- What you are asked to do -
Omit the pictures and copy the entries exactly.

+++ Data for processing +++

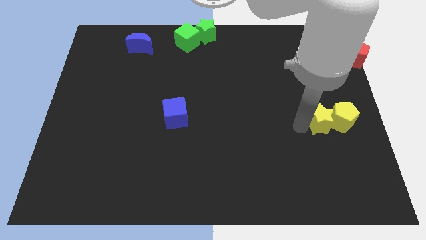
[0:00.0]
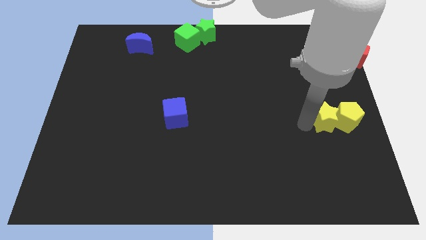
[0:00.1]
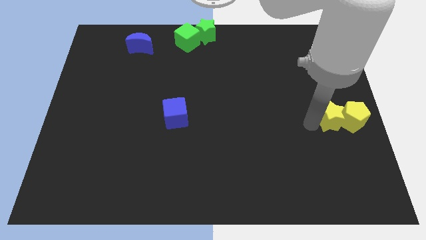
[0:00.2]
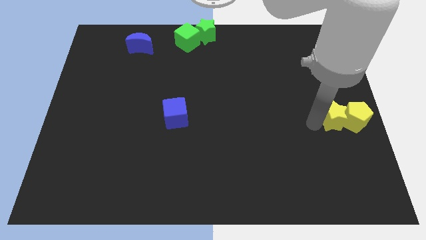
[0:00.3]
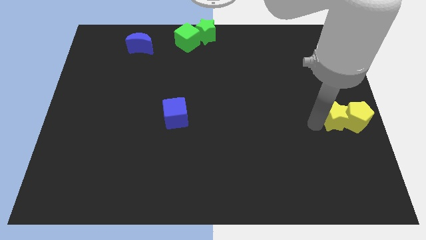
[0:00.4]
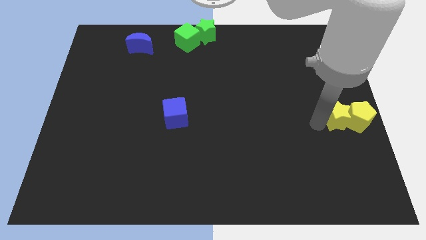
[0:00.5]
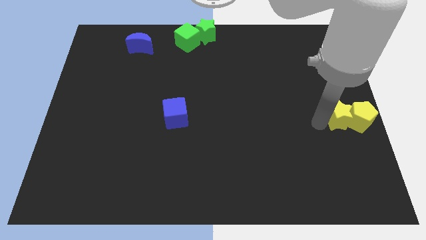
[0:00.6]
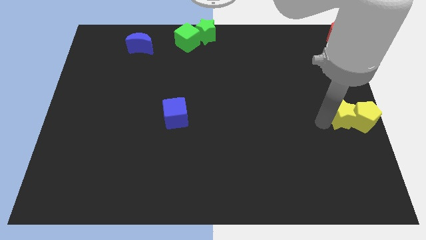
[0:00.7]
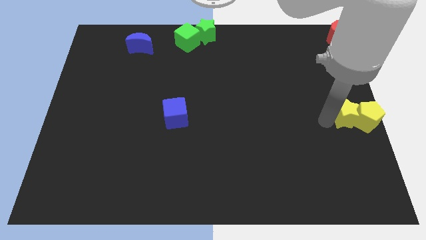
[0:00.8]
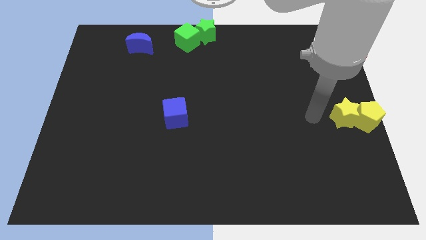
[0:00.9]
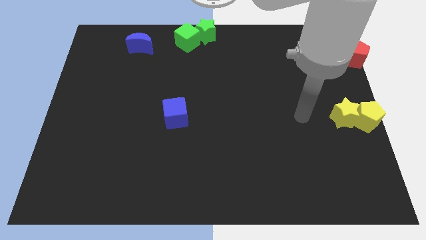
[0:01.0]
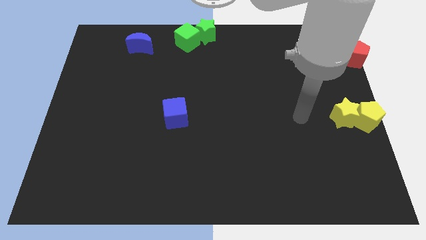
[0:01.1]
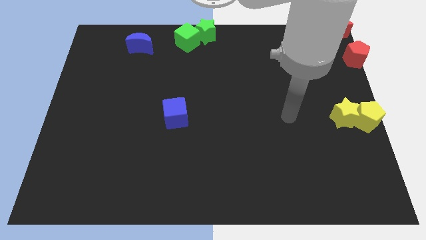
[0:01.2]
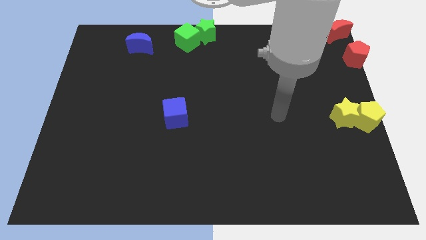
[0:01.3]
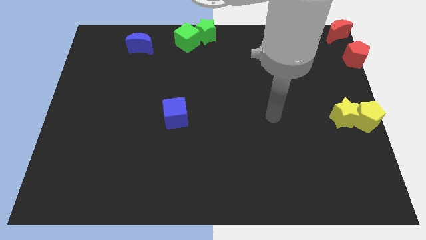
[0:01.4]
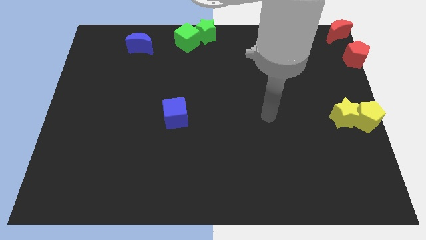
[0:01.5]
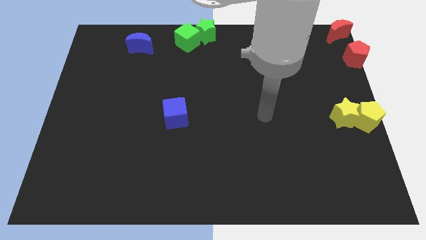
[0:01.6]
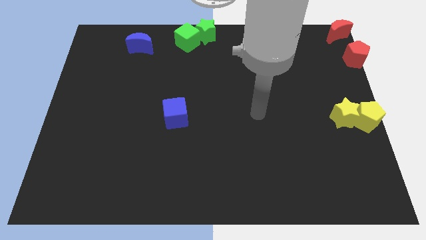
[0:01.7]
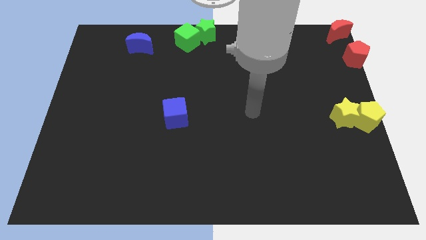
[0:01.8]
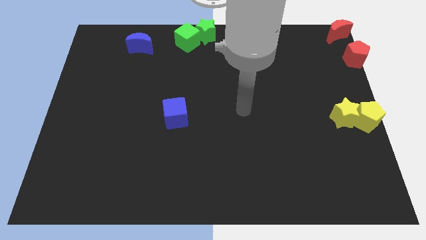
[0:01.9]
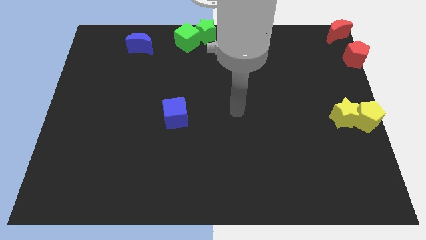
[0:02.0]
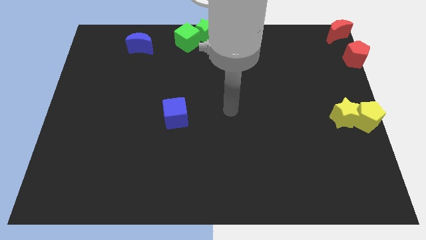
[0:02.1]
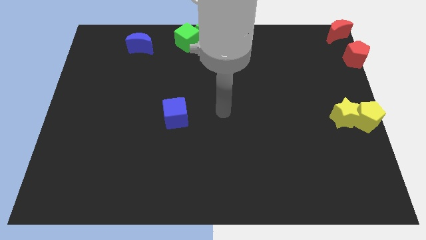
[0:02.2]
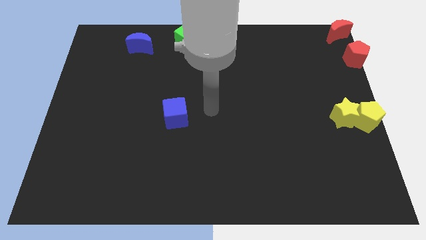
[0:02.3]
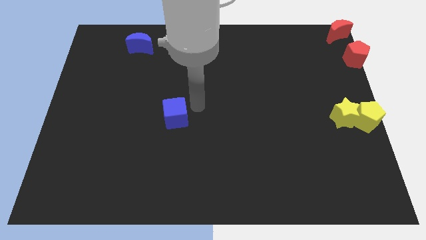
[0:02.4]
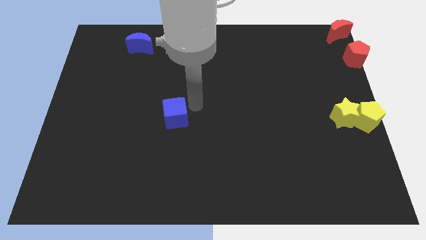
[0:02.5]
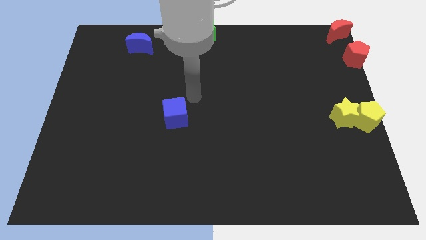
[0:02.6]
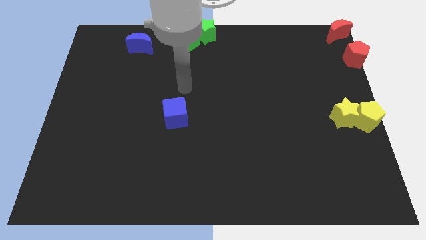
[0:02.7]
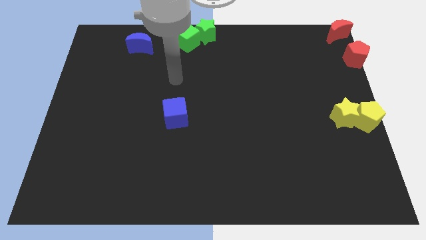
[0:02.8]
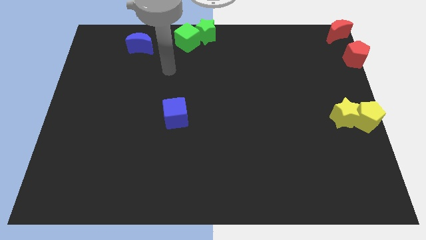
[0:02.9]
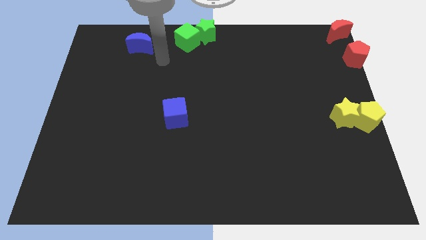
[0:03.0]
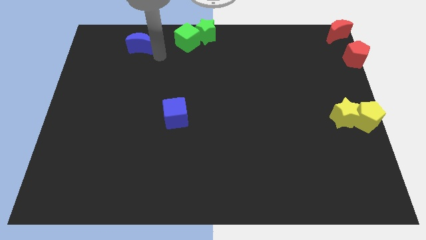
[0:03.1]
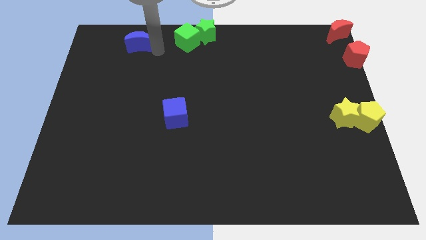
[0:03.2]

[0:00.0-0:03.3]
move your arm towards the blue crescent

+++

- Reply -
[0:00.0]
[0:00.1]
[0:00.2]
[0:00.3]
[0:00.4]
[0:00.5]
[0:00.6]
[0:00.7]
[0:00.8]
[0:00.9]
[0:01.0]
[0:01.1]
[0:01.2]
[0:01.3]
[0:01.4]
[0:01.5]
[0:01.6]
[0:01.7]
[0:01.8]
[0:01.9]
[0:02.0]
[0:02.1]
[0:02.2]
[0:02.3]
[0:02.4]
[0:02.5]
[0:02.6]
[0:02.7]
[0:02.8]
[0:02.9]
[0:03.0]
[0:03.1]
[0:03.2]

[0:00.0-0:03.3]
move your arm towards the blue crescent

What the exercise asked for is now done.